(a) Establishment
Not later than 180 days after the date of the enactment of this Act, the Secretary of Defense, acting through the Assistant Secretary of Defense for Industrial Base Policy, shall establish a Department of Defense-wide program to be known as the Defense Supply Chain Intelligence and Risk Response Program (in this section referred to as the Program ) to enhance the Department’s ability to illuminate, assess, anticipate, and respond to risks across the defense industrial base supply chain.
(b) Purpose
The purpose of the Program shall be to provide a coordinated, holistic framework for the Department of Defense to effectively identify and manage the risks within and across the broader defense supply chain, including risks associated with microelectronics, semiconductors, counterfeit items, diminishing manufacturing sources and material shortages, obsolescence, supply chain disruptions, cyber vulnerabilities, foreign sourced components, foreign investments, financial distress, and sourcing of critical technologies from entities within or associated with covered nations.
(c) Activities
The Program shall—
identify and characterize supplier concentration, single-point dependencies, structural vulnerabilities, and risks arising from foreign ownership, control, or influence;
inform Department of Defense policy and funding decisions intended to enable rapid, scalable response to supply chain vulnerabilities, including creation of stockpiles and identification of alternative domestic suppliers and surge capacity; and
support and inform Department of Defense efforts to reduce reliance on covered nations for supply chains essential to the national defense.
(d) Implementation
In implementing this section, the Assistant Secretary of Defense for Industrial Base Policy shall, in consultation with the Assistant Secretary of Defense for Sustainment and not later than 365 days after the date of the enactment of this Act—
perform an identification and assessment of the supply chain illumination efforts, supply chain risk management activities, and policies of the Department of Defense, along with annual funding profiles associated with such efforts, activities and policies;
develop a common framework across the Department of Defense and with contractors of the Department to enable a holistic and coordinated approach for identifying managing risks within defense supply chains; and
provide the Secretary of Defense the following:
Findings and recommendations based on the assessment performed under paragraph (1), including recommendations related to expansion, consolidation, or cancellation of identified supply chain illumination efforts and supply chain risk management activities.

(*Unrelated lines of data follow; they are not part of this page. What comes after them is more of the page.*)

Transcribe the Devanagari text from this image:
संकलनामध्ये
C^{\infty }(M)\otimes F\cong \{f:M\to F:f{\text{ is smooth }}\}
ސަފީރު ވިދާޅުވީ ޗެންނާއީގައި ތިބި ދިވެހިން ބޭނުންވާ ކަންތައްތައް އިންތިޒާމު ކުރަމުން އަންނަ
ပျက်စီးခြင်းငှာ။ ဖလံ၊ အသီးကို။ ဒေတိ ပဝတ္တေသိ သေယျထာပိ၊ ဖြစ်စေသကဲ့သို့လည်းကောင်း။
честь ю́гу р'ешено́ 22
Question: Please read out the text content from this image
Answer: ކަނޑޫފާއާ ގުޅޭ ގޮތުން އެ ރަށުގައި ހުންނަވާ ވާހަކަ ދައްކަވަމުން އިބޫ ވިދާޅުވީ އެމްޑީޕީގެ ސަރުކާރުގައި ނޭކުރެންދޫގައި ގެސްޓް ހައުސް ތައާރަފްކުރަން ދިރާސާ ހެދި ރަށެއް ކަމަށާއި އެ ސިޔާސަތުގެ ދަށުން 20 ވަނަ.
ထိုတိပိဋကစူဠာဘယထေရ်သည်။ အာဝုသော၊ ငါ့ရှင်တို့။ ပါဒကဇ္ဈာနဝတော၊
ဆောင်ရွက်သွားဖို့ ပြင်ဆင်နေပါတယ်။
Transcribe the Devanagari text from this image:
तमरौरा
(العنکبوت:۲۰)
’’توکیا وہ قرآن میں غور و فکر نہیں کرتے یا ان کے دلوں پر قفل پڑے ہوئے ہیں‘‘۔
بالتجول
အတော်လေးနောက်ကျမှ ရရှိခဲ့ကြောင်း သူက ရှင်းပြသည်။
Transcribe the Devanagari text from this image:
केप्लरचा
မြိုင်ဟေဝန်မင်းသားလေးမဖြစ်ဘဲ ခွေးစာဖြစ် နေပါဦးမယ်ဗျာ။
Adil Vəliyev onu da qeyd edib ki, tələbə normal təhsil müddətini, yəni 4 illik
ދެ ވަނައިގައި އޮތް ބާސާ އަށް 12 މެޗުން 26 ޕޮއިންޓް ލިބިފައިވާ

A plan of action for successful implementation of the framework developed under paragraph (2).
Recommendations for employment of advanced data analytics and artificial intelligence capabilities or tools to support and enable Program activities, including capabilities such as—
mapping of multi-tier supply chains across the defense industrial base, including domestic and international supplier networks;
identifying and linking entities across public records, corporate registries, trade data, and other commercial datasets to identify foreign ownership, control, or influence;
highlighting supplier concentration, single-point dependencies, and other structural risk indicators; and
modeling and forecasting of supply chain disruptions and economic security risks.
(e) Commercial technology utilization
The Secretary shall ensure that any advanced data analytics and artificial intelligence capabilities or tools to support the Program are procured—
in accordance with the preference for commercial products and commercial services under section 3453 of title 10, United States Code;
in accordance with the requirements to use competitive procedures under applicable law and the Department of Defense Supplement to the Federal Acquisition Regulation; and
in a manner that provides the Department with flexibility to adapt procurement strategies to Program needs, evolving market conditions, and advances in technology throughout the life of the Program.
(f) Reporting requirements
(1) Initial report
Not later than April 1, 2027, the Secretary shall submit to the congressional defense committees a report describing—
progress made in implementing the Program;
integration of Program activities with existing Industrial Base Analysis and Sustainment activities and supply chain risk management activities; and
resource requirements, including funding, personnel, data access, and technical infrastructure.
(2) Annual report
Not later than one year after the date on which the Program is established, and annually thereafter for five years, the Secretary shall submit to the congressional defense committees a report that includes—
an assessment of the effectiveness of the Program in improving the Department’s ability to illuminate, assess, anticipate, and respond to risks across the defense industrial base supply chain; and
any additional legislative, regulatory, or policy recommendations necessary to strengthen defense industrial base resilience.
(g) Definitions
In this section:
The term covered nation has the meaning given such term in section 4872 of title 10, United States Code.
The term foreign ownership, control, or influence refers to ownership structures, governance arrangements, financial relationships, or other mechanisms through which a foreign person or entity may direct, materially influence, or control a supplier or sub-tier entity within the defense industrial base.
The term economic security risks means risks arising from supply chain fragility, economic coercion by a covered nation including financing by a covered nation, or other vulnerabilities in a commercial supply chain that may adversely affect national security.